# Trike sold



## m6mal (1 Apr 2019)

I sold my trike today after all the problems i had, i decided to get rid of it because my wife has had 2 car accidents in 11 months, neither her fault, the first car written off and this one in the menders in peterborough. It made us rethink as this town is getting a bit of a worry regarding cars etc. Also lack of company to trike with as my brother kept making excuses etc Thanks to all who helped me etc, i will be riding my GT Avalanche 3.0 in the future as i picked it up a few weeks ago for £120 in immaculate condition...


----------



## neil earley (1 Apr 2019)

m6mal said:


> Remember the trashed mudguard, I had to straighten it best i could then i started thinking and here we are looking better now with some strong tape
> 
> View attachment 460449
> View attachment 460450
> ...


nice to see your trike taking shape wont be long and you will be riding again


----------



## neil earley (4 Apr 2019)

Very nice all blinged up before long


----------



## Nigelnightmare (5 Apr 2019)

Hang on a minute.
This "friend" in the USA "Donated" i.e. gifted them to you, therefore as a gift they are not susceptible to import duty or VAT. OR any handling charges from the P.O.


----------



## Nigelnightmare (7 May 2019)

Good to see you've got it back on the road again.
Well done.


----------



## Bad Machine (20 Jun 2019)

Presumably, you've now decided to sell it ? 

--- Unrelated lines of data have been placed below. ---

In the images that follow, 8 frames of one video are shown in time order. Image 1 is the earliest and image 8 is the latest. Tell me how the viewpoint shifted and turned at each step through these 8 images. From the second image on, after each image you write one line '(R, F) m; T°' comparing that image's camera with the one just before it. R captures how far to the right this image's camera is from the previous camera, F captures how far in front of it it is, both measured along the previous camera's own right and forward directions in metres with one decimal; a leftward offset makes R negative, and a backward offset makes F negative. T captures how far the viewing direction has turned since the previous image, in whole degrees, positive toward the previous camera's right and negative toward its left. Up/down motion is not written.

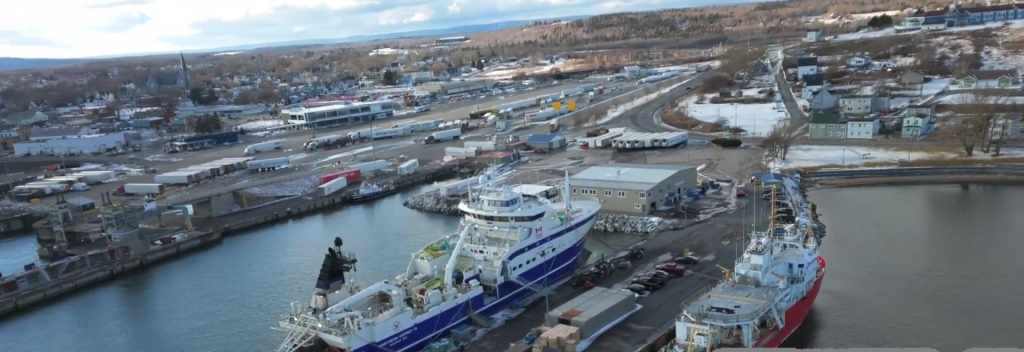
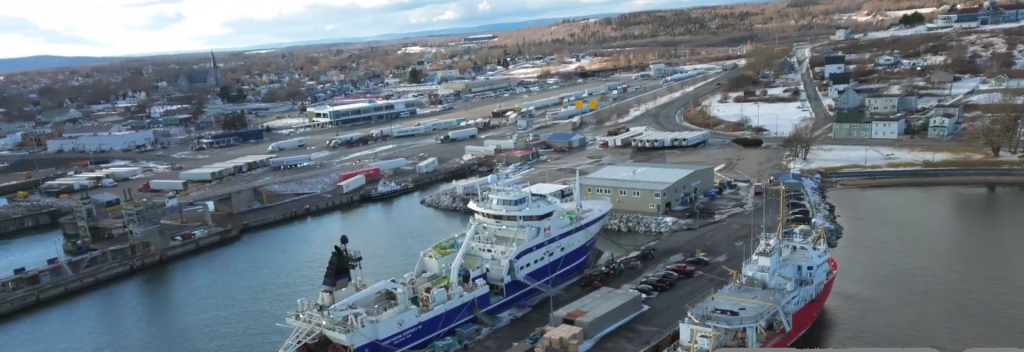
(-0.1, +3.7) m; -2°
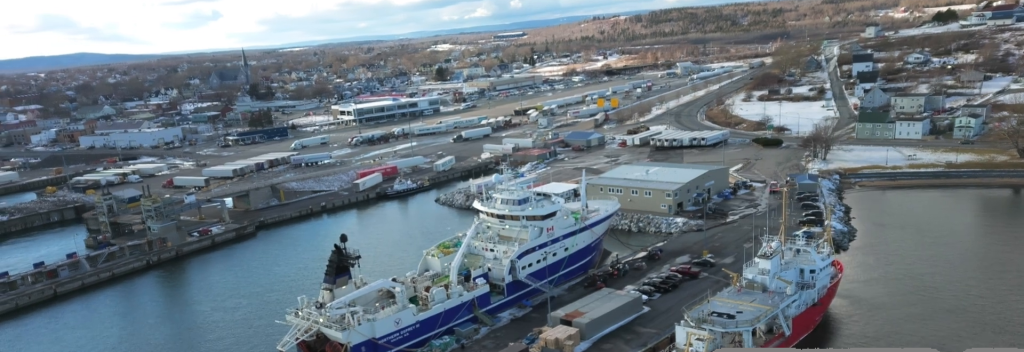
(-0.1, +5.0) m; -3°
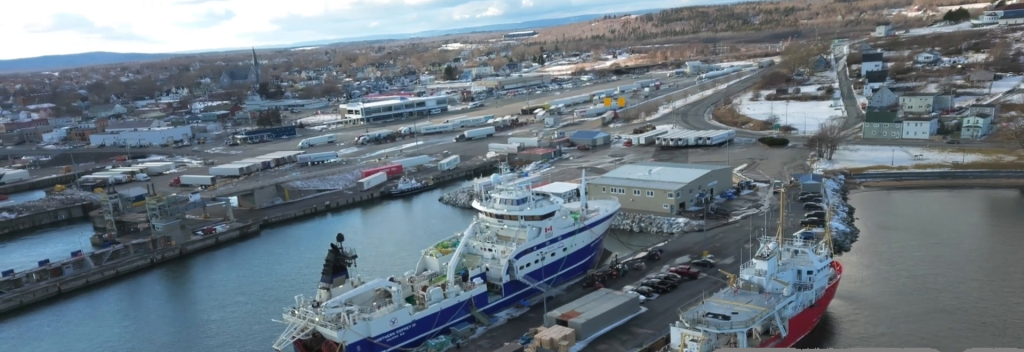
(0.0, +2.3) m; -1°
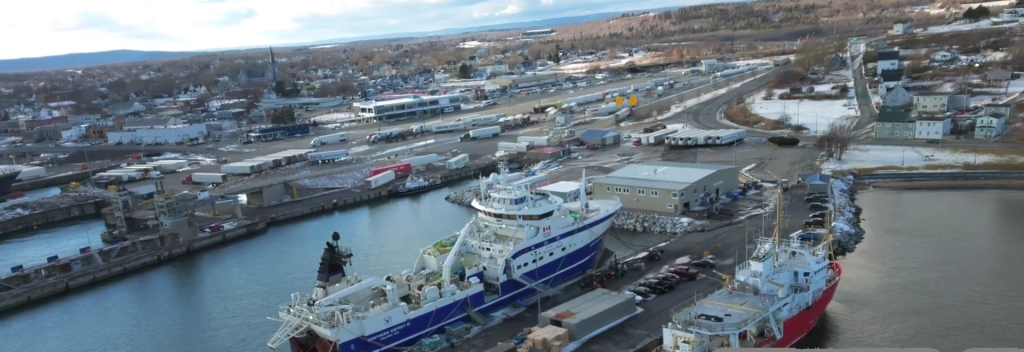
(0.0, +3.7) m; -2°
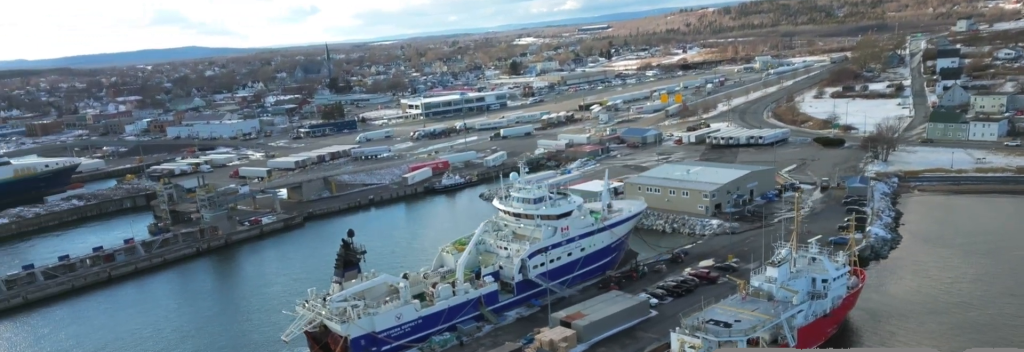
(-0.2, +7.3) m; -4°
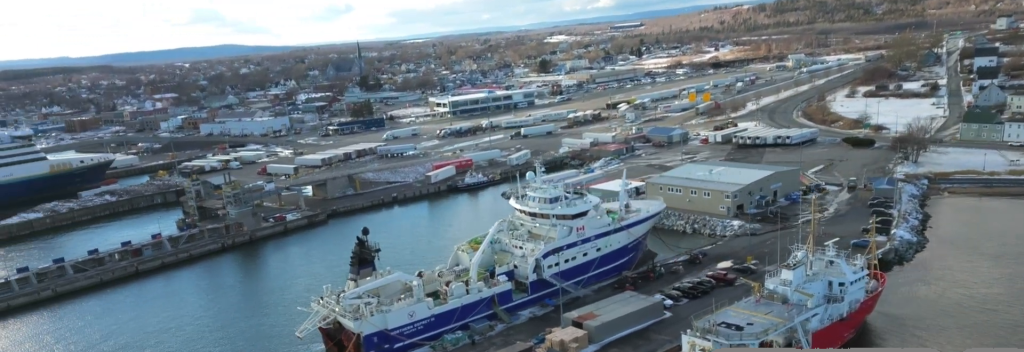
(-0.1, +3.2) m; -1°
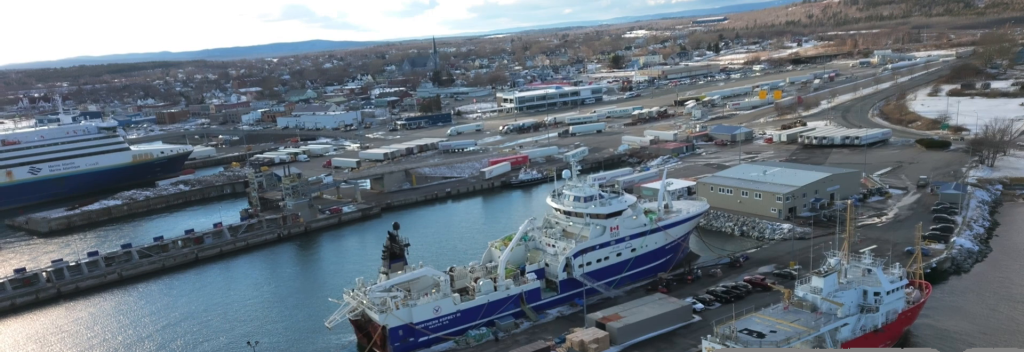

https://www.gumtree.com/p/bicycles/for-sale-ice-t-recumbent-trike-collection-only-£900/1343690535

£900 seems a fair price.


----------



## m6mal (26 Jun 2019)

Bad Machine said:


> Presumably, you've now decided to sell it ?
> 
> https://www.gumtree.com/p/bicycles/for-sale-ice-t-recumbent-trike-collection-only-£900/1343690535
> 
> £900 seems a fair price.



The buyer went for a test drive this morning and gave me the full amount no problem


----------